- Chairman: Paco Tovar Santos
- Founded: 1975 (underground) September 16, 1977 (legally)
- Dissolved: 2012
- Merged into: Communist Party of the People of Spain
- Newspaper: Comunista
- Ideology: Communism Marxism–Leninism Canarian nationalism Canarian independence

= Party of Communist Unification in the Canaries =

Political party in the Canary Islands

The Party of Communist Unification in the Canaries (Partido de Unificación Comunista en Canarias) was a communist party working for the political autonomy of the Canary Islands. PUCC appeared sometime in 1975, and held its first conference in 1978. PUCC originated from OPI a leftist split of the Communist Party of Spain. PUCC worked underground during caudillo Francisco Franco's Spanish State. The leader of PUCC was Paco Tovar Santos, and its internal bulletin was called Comunista ("Communist").

==History==
The party was founded in 1975 as a split of the Communist Party of Spain. The same year a member of the party, Antonio González Ramos, was killed by the Francoist State Spanish police.

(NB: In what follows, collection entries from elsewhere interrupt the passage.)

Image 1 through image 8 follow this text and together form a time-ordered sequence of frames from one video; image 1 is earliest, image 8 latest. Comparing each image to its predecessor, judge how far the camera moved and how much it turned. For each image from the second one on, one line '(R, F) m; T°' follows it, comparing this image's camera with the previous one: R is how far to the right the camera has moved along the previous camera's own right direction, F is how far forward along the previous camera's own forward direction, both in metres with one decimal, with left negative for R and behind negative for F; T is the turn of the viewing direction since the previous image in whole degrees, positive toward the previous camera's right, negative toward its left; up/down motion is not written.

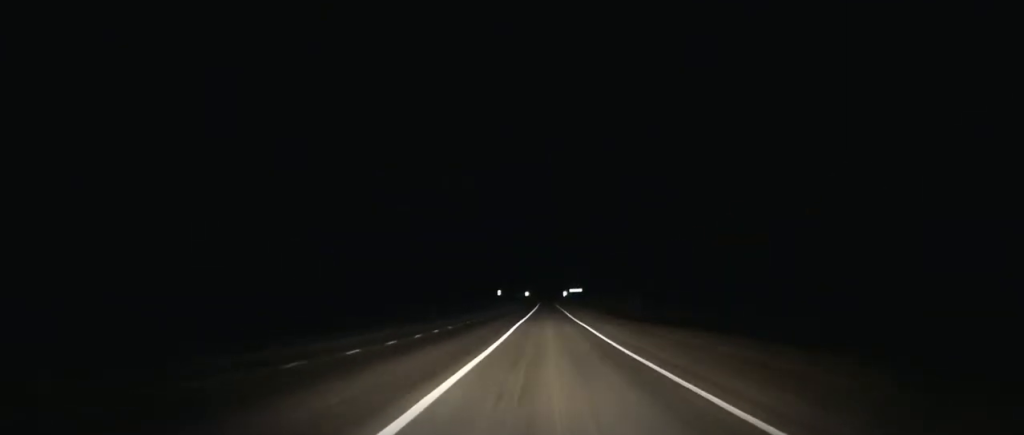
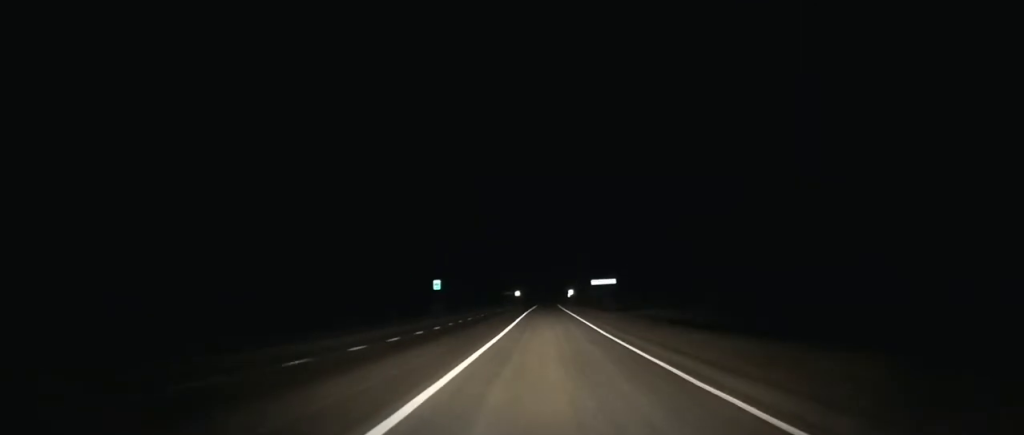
(+0.3, +73.6) m; 0°
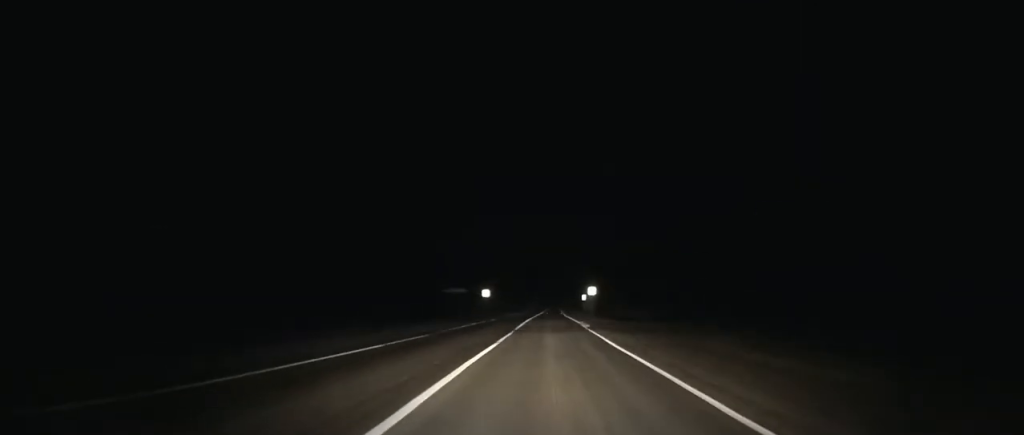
(+0.2, +93.7) m; 0°
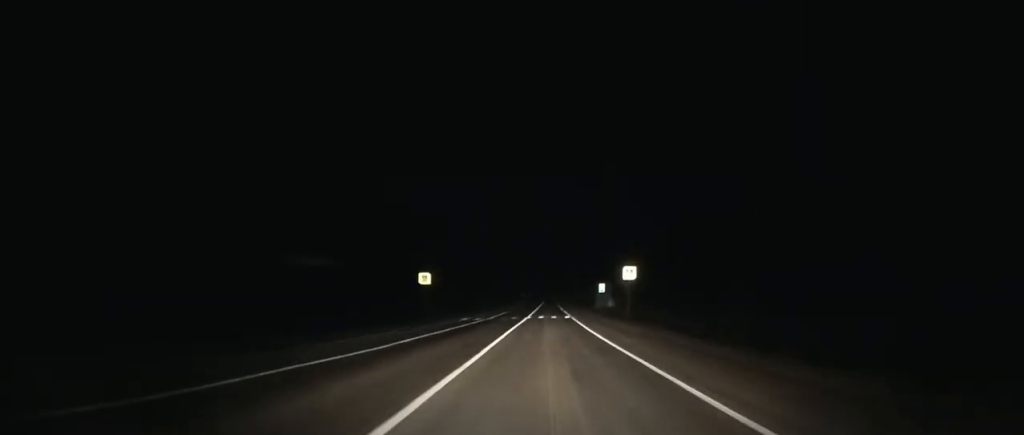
(+0.1, +46.0) m; 0°
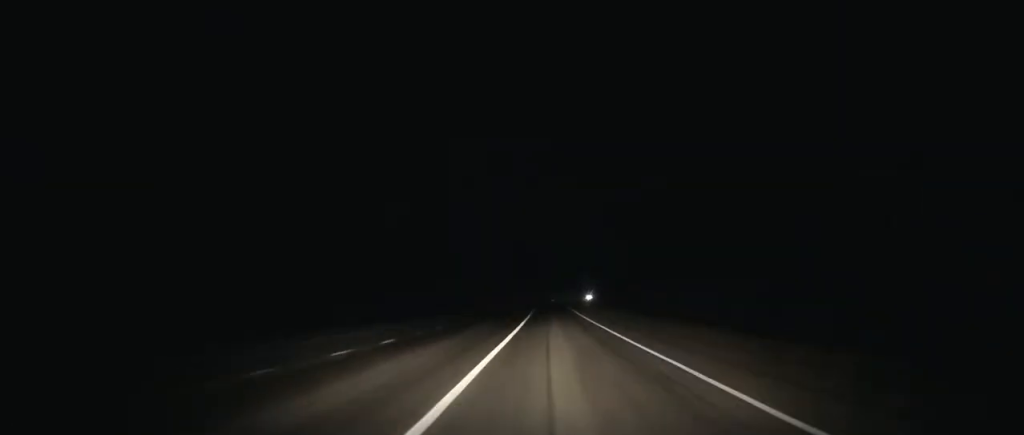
(+0.3, +102.6) m; +1°
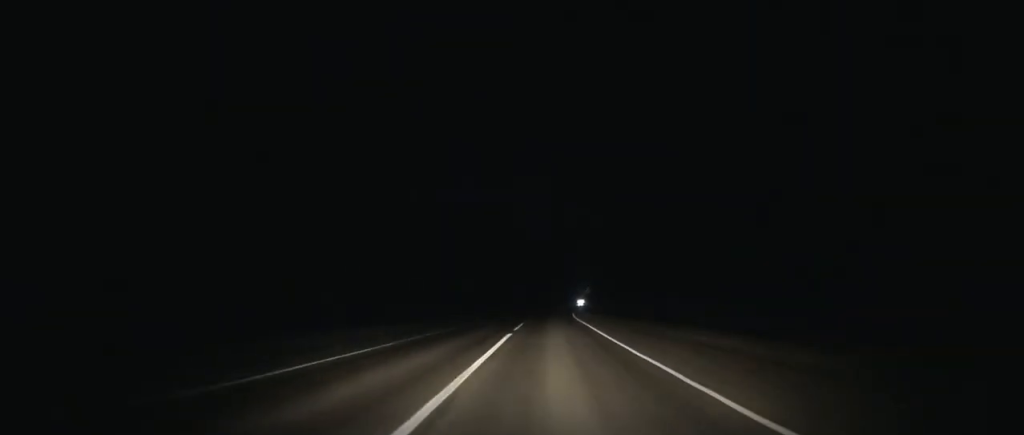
(+0.4, +84.7) m; +1°
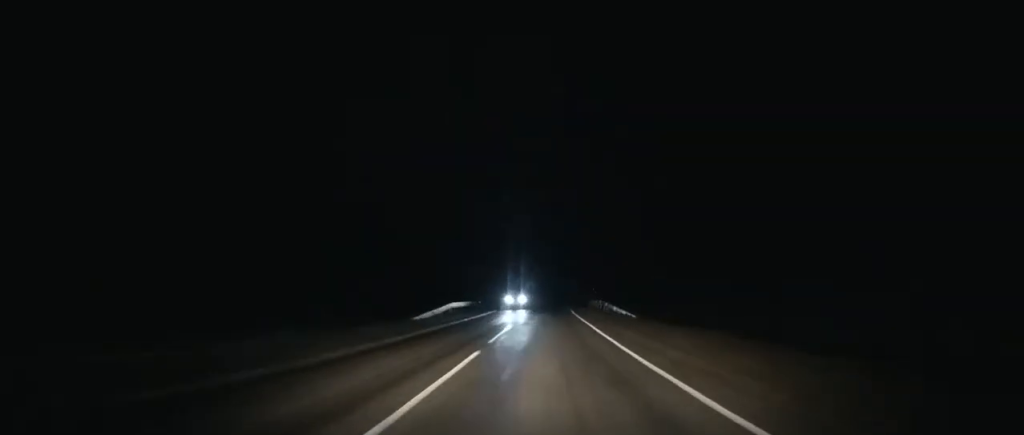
(+3.0, +104.6) m; +3°
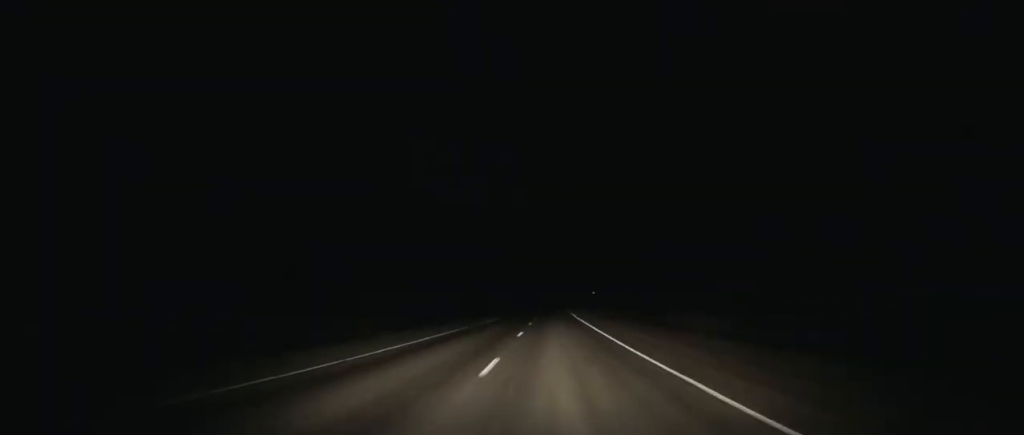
(+1.6, +87.2) m; +2°

In the 1977 general elections PUCC supported Frente Democrático de Izquierdas. In the second congress of PUCC in 1980, it changed its name to Movimiento de Izquierda Revolucionaria del Archipiélago Canario-PUCC. In 2012, PUCC was integrated in Communist Party of the People of Spain.

==Bibliography==
- Partido de Unificación Comunista de Canarias, Canarias entre atlantismo y africanismo, Las Palmas de Gran Canaria : s.n., 1978 25 p. ; 23 cm I conferencia insular.